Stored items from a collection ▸
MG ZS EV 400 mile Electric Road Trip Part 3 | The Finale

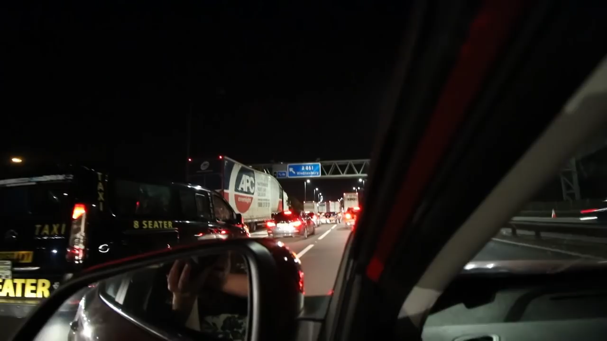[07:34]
No I'm zooming in. Oh he's going for it. He's going for it. Go. No. He's not worried about range is he? No neither are we. All it does is slow the traffic down if you don't get in. Yeah. Update. We are out of the roadworks.
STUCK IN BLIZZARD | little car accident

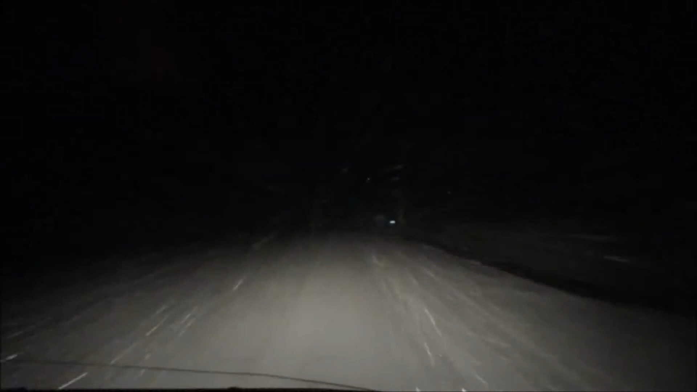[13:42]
So as you can see and saw
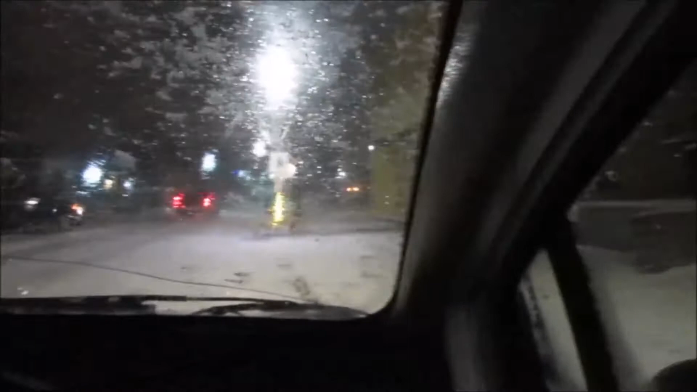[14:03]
throughout the last couple seconds of this video or minute or whatever,
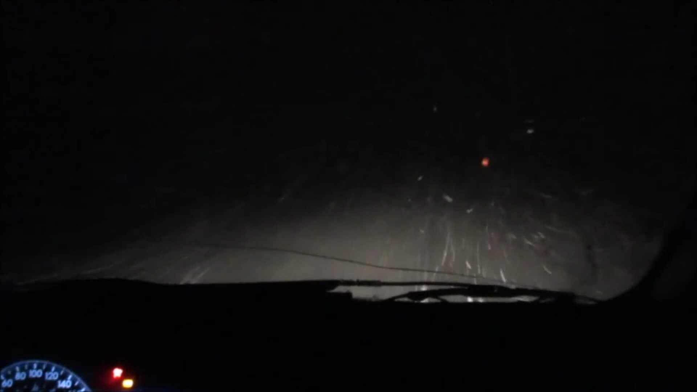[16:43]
Like, it's actually a blizzard. And, I don't even know where I'm at on the road. So. No, watch out, because, like, if we go in the ditch. No, I know that I'm not. It's bad. Like, I don't know if you guys can tell, but we can't see the road at all. There's a car coming, so try to. I'm gonna move over. Yeah. Follow the ditch. Okay. I am freaked out. We'll be fine. I've driven away. Yeah, I know, but we got a long ways to go, and it gets worse. Uh-oh. Well, you gotta wait till the cars pass.
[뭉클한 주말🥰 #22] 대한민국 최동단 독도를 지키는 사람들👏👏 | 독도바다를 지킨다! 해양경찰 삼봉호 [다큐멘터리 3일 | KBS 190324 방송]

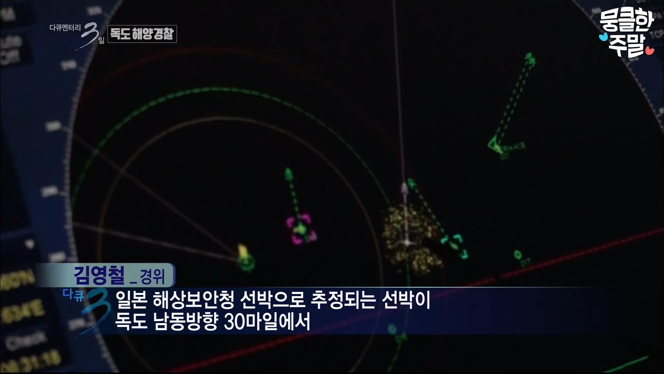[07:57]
의심되는 선박이 독도 남동방 한 30마일에서 독도 동쪽 방향으로 지금 코스를 잡고 올라오고 있는 상황입니다.
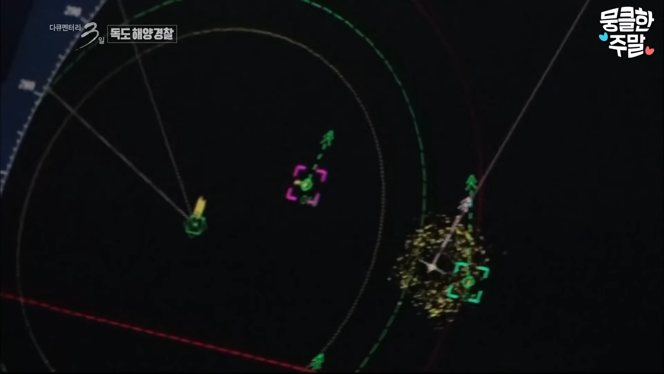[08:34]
그 사이 독도 해역에 더 가까워진 일본 선박.
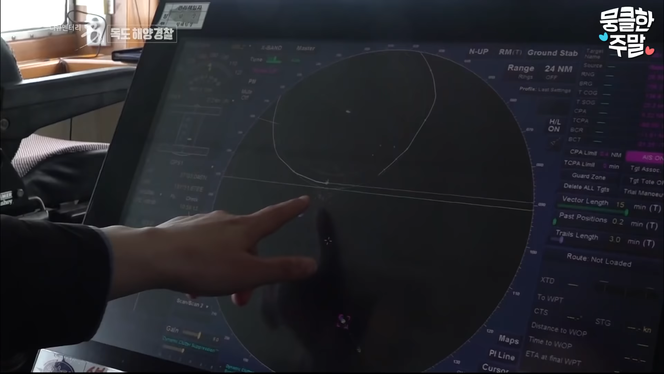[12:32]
보시면은 이게 저희 요 표시가 저희 본함이고요.
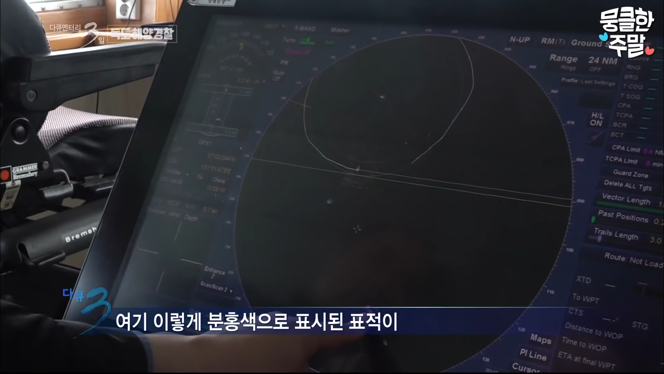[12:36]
지금 여기 이렇게 분홍색으로 표시된 타켓이 1해상보안청 함정입니다. 그리고 지금 여기가 독도고요.
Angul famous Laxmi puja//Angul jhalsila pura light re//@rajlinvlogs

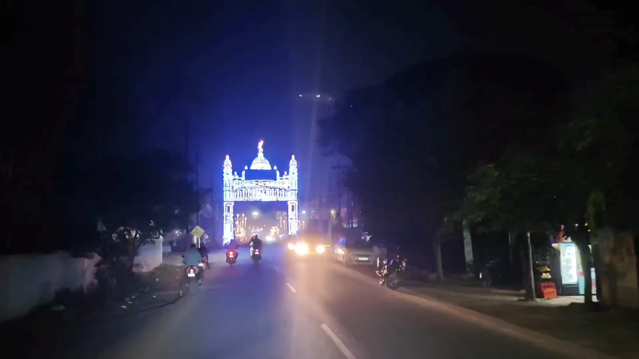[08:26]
बर्तमान देखते आम पहुंची जाइए डीआईसी छक कितने सुंदर साज सजा
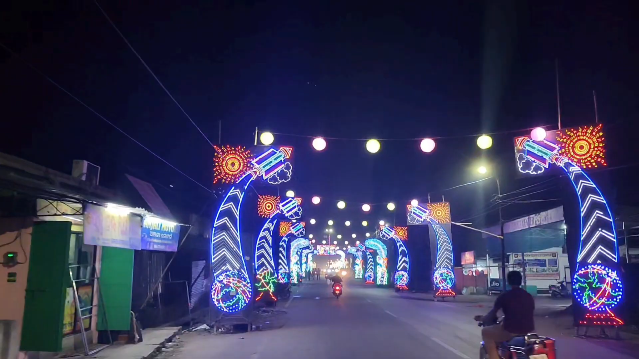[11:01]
सुंदर सजसजा है एमती रोड दीपट साइड रे सजसजा है मझे मझे बुल सब कर गाड़ी चलो बढ़िया देखा बहुत सुंदर लगुच
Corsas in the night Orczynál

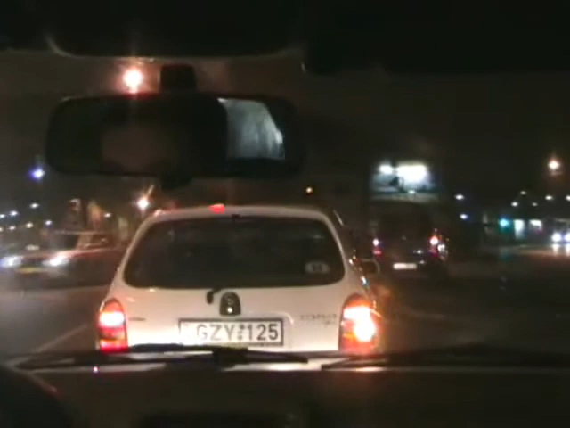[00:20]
Ugye rászik, amilyen mindig így rögeti. Jöbb rá állt a faszomba.
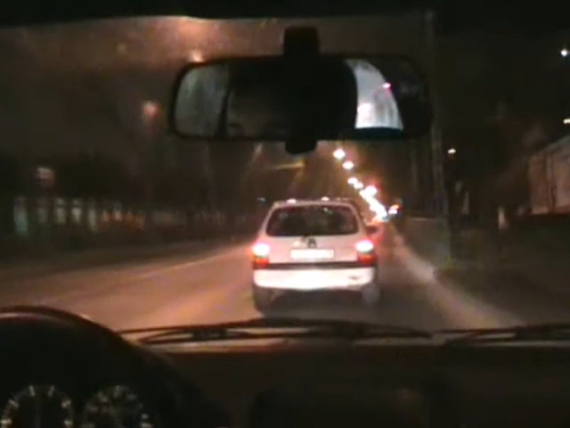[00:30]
A piros a lámpa. Én lelassítok és én fogok elmenni hamarabb.

Instructions to follow ▸
Every record above needs to be repeated exactly; pictures are to be left out.

Output for this task ▸
MG ZS EV 400 mile Electric Road Trip Part 3 | The Finale

[07:34]
No I'm zooming in. Oh he's going for it. He's going for it. Go. No. He's not worried about range is he? No neither are we. All it does is slow the traffic down if you don't get in. Yeah. Update. We are out of the roadworks.
STUCK IN BLIZZARD | little car accident

[13:42]
So as you can see and saw
[14:03]
throughout the last couple seconds of this video or minute or whatever,
[16:43]
Like, it's actually a blizzard. And, I don't even know where I'm at on the road. So. No, watch out, because, like, if we go in the ditch. No, I know that I'm not. It's bad. Like, I don't know if you guys can tell, but we can't see the road at all. There's a car coming, so try to. I'm gonna move over. Yeah. Follow the ditch. Okay. I am freaked out. We'll be fine. I've driven away. Yeah, I know, but we got a long ways to go, and it gets worse. Uh-oh. Well, you gotta wait till the cars pass.
[뭉클한 주말🥰 #22] 대한민국 최동단 독도를 지키는 사람들👏👏 | 독도바다를 지킨다! 해양경찰 삼봉호 [다큐멘터리 3일 | KBS 190324 방송]

[07:57]
의심되는 선박이 독도 남동방 한 30마일에서 독도 동쪽 방향으로 지금 코스를 잡고 올라오고 있는 상황입니다.
[08:34]
그 사이 독도 해역에 더 가까워진 일본 선박.
[12:32]
보시면은 이게 저희 요 표시가 저희 본함이고요.
[12:36]
지금 여기 이렇게 분홍색으로 표시된 타켓이 1해상보안청 함정입니다. 그리고 지금 여기가 독도고요.
Angul famous Laxmi puja//Angul jhalsila pura light re//@rajlinvlogs

[08:26]
बर्तमान देखते आम पहुंची जाइए डीआईसी छक कितने सुंदर साज सजा
[11:01]
सुंदर सजसजा है एमती रोड दीपट साइड रे सजसजा है मझे मझे बुल सब कर गाड़ी चलो बढ़िया देखा बहुत सुंदर लगुच
Corsas in the night Orczynál

[00:20]
Ugye rászik, amilyen mindig így rögeti. Jöbb rá állt a faszomba.
[00:30]
A piros a lámpa. Én lelassítok és én fogok elmenni hamarabb.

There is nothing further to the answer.